Imprint:A & U Children

RRP: $34.99

When I took over the reins of my first school library Paul Jennings was the undisputed king of children’s books and those on our shelves were, in fact, not there very often! To say they were on high rotation through circulation is an understatement and there was a constant need to buy new copies as they became shabbier and shabbier. This wasn’t my first encounter with Paul’s genius though as I had been reading his stories aloud to my various classes for years and without fail, there would be paroxysms of laughter, sharp intakes of breath and gasping groans depending on the particular story.

And now this – a memoir which is achingly honest, often very moving while at other times extremely funny, as Paul peels back the layers of his multi-faceted life and reflects on his careers as teacher, lecturer, speech therapist, author, script writer as well as complex relationships with others and his struggle with depression. So deeply involved with his reflections was I that I read way past my regular ‘bedtime’ over several nights until I finished.
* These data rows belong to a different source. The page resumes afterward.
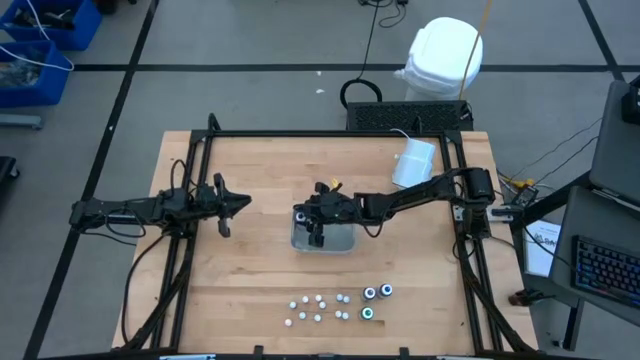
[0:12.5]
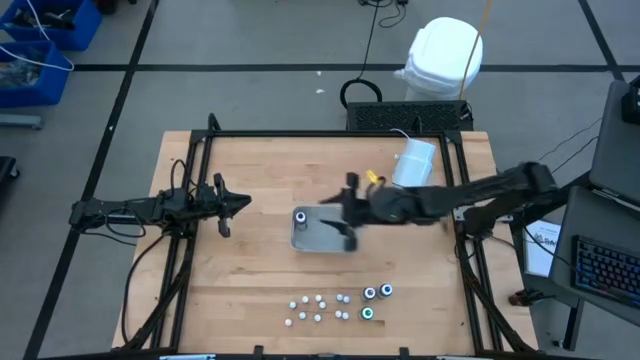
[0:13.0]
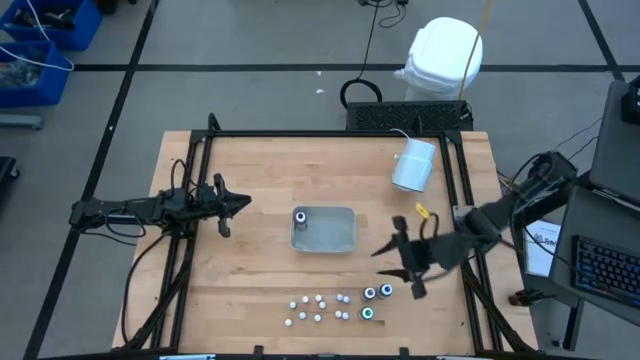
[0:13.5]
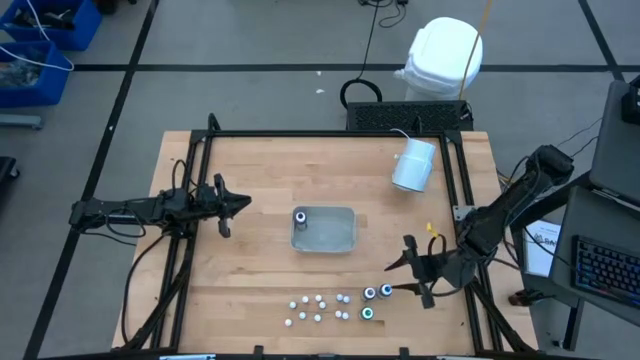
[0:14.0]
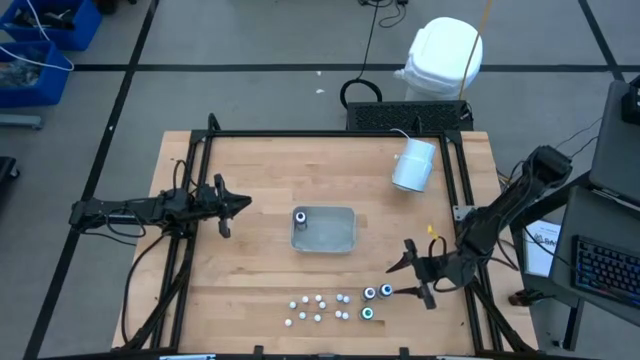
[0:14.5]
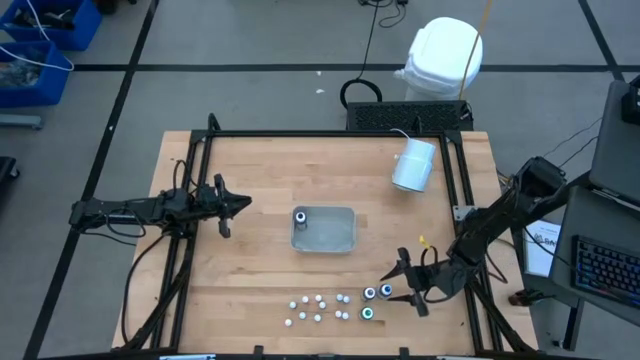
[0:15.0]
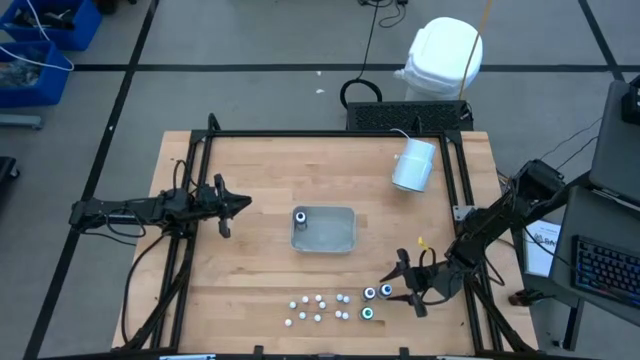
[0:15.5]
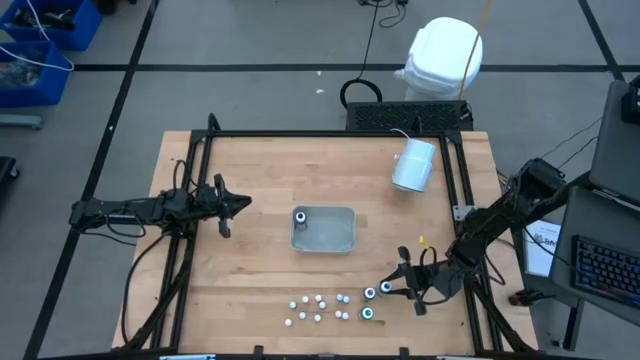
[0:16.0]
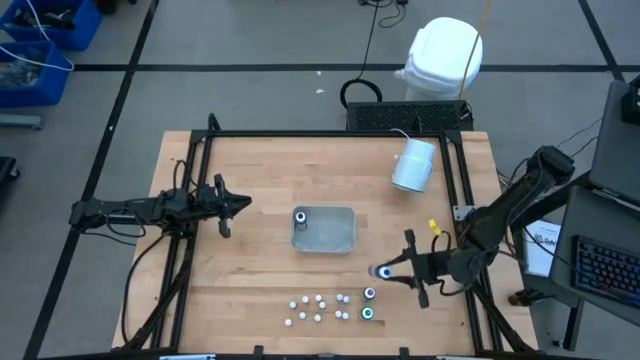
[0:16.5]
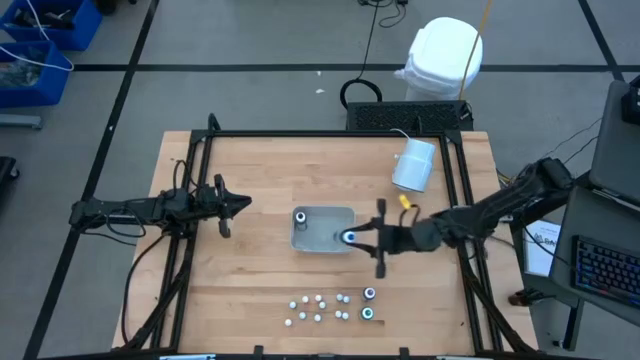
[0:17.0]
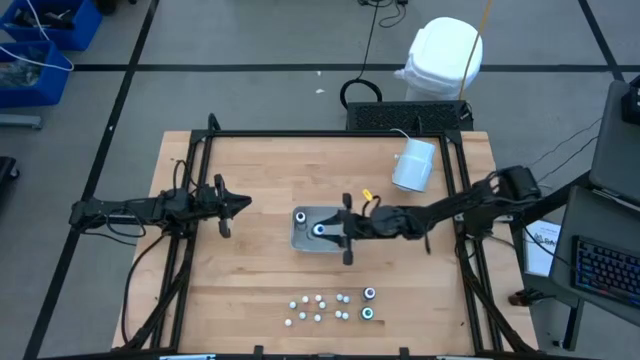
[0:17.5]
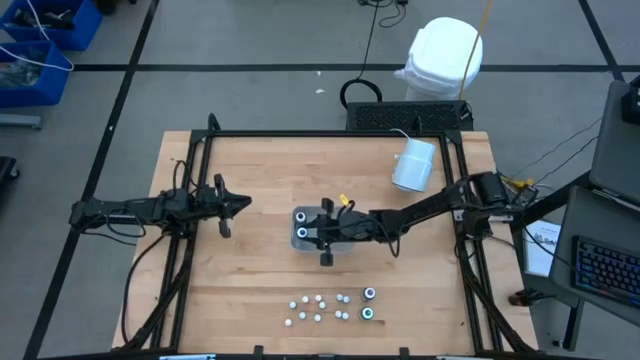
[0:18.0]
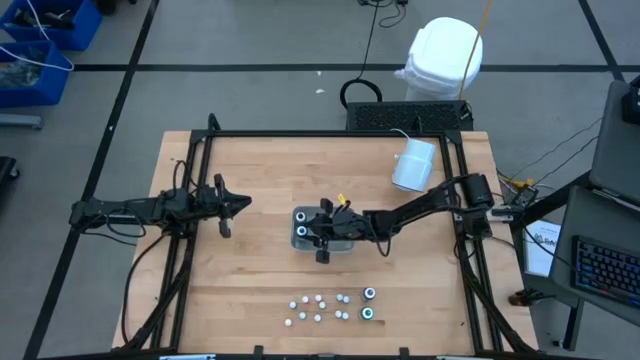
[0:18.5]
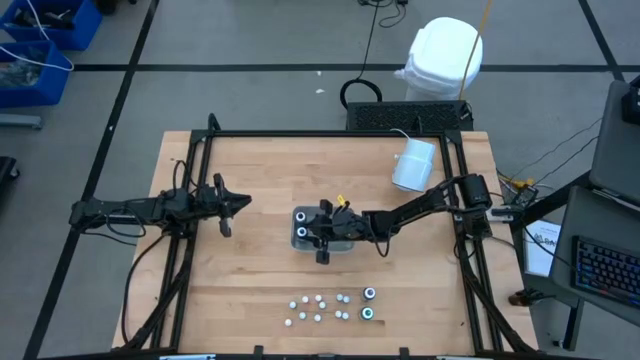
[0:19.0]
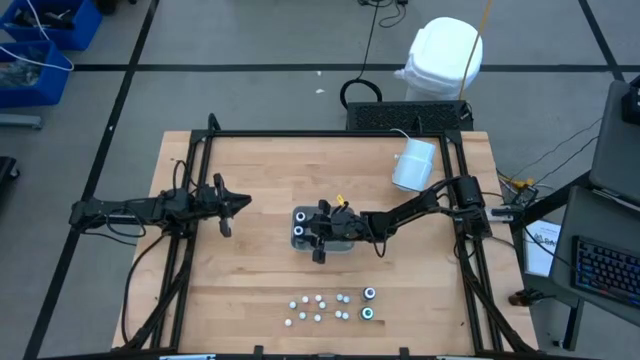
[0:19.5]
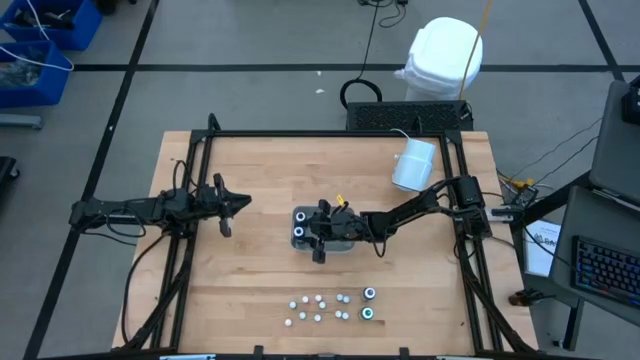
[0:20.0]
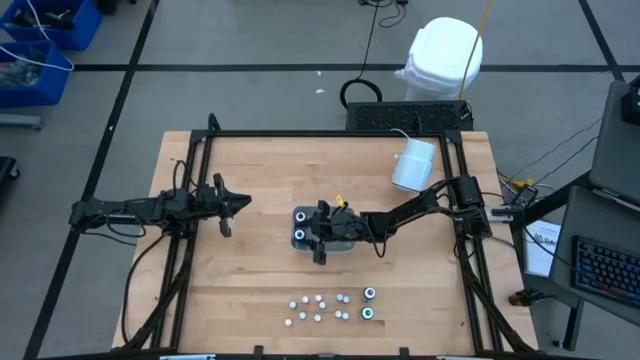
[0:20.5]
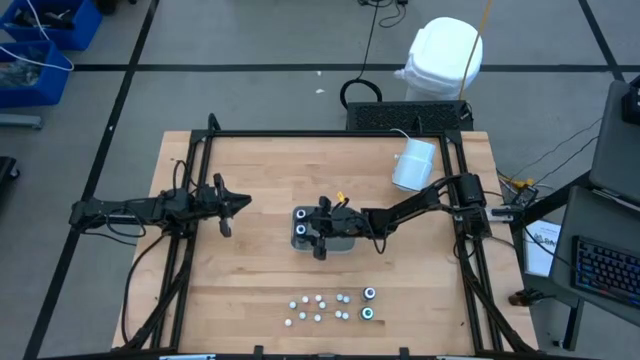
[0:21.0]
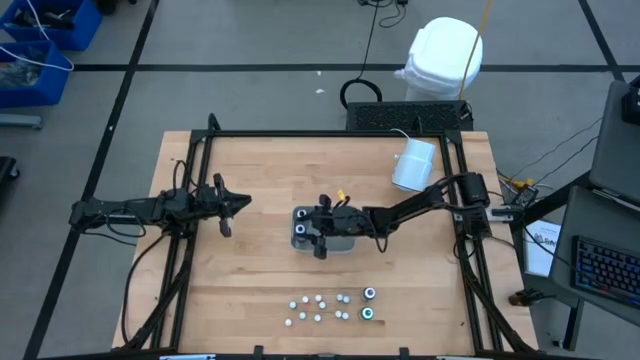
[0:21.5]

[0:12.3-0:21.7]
Task: Pick & Place food coloring
Put the big blue bottle into the gray bin

I love the way this is structured. With his typical skill Paul chooses not to tell his story in a linear chronological way but roams across various periods of time and even within these intersperses with additional anecdotes. Far from being disjointed this is almost like enjoying a conversation with him which makes for a truly engaging reading experience.

If you want to know more about the craft of writing, read this. If you want to know more about compassionate and empathetic teaching, read this. If you want to know more about living with mental health issues, read this. If you want to know more about making children laugh, cry and love books, read this. And most especially, if you want insight into this giant of children’s literature in Australia, read this.

What can I say? This is without doubt the best biographical book I’ve read in a long time about a person for whom I have the greatest admiration. I’ve never been in the right place at the right time to meet Paul but oh! how I would love to!

Highly recommended for all lovers of great Australian children’s literature and this acclaimed author.